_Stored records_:
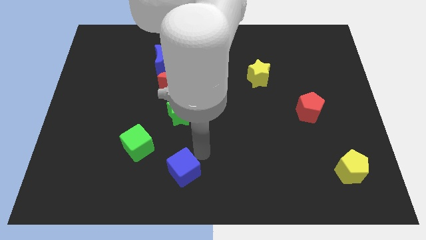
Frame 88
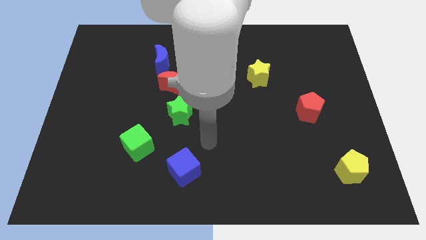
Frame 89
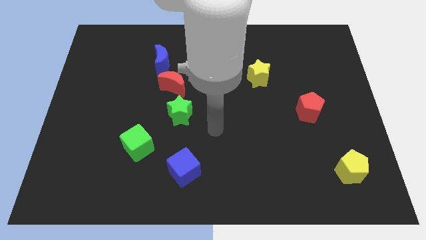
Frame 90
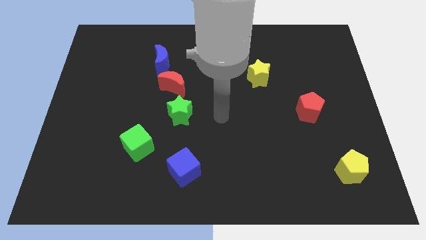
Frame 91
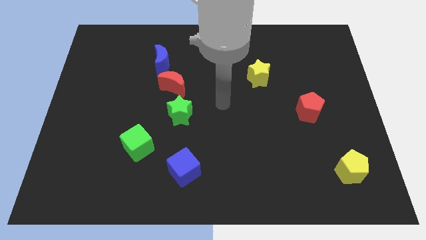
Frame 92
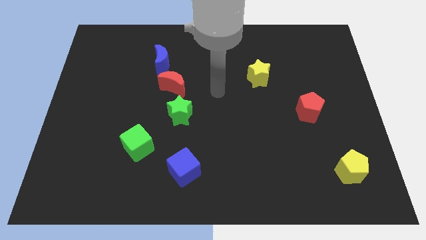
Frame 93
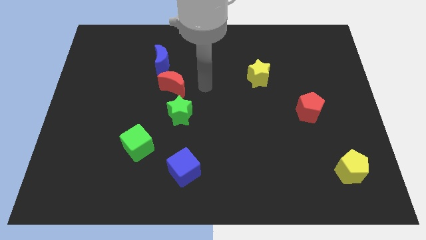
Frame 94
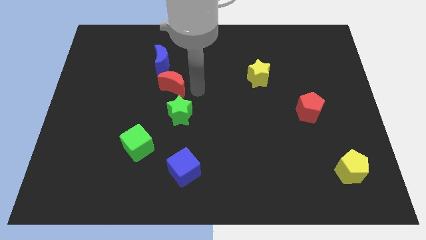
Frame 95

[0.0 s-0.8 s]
move your arm right to the red crescent

_Problem_:
Skip the pictures and give the entries above again word for word.

_Result of the task_:
Frame 88
Frame 89
Frame 90
Frame 91
Frame 92
Frame 93
Frame 94
Frame 95

[0.0 s-0.8 s]
move your arm right to the red crescent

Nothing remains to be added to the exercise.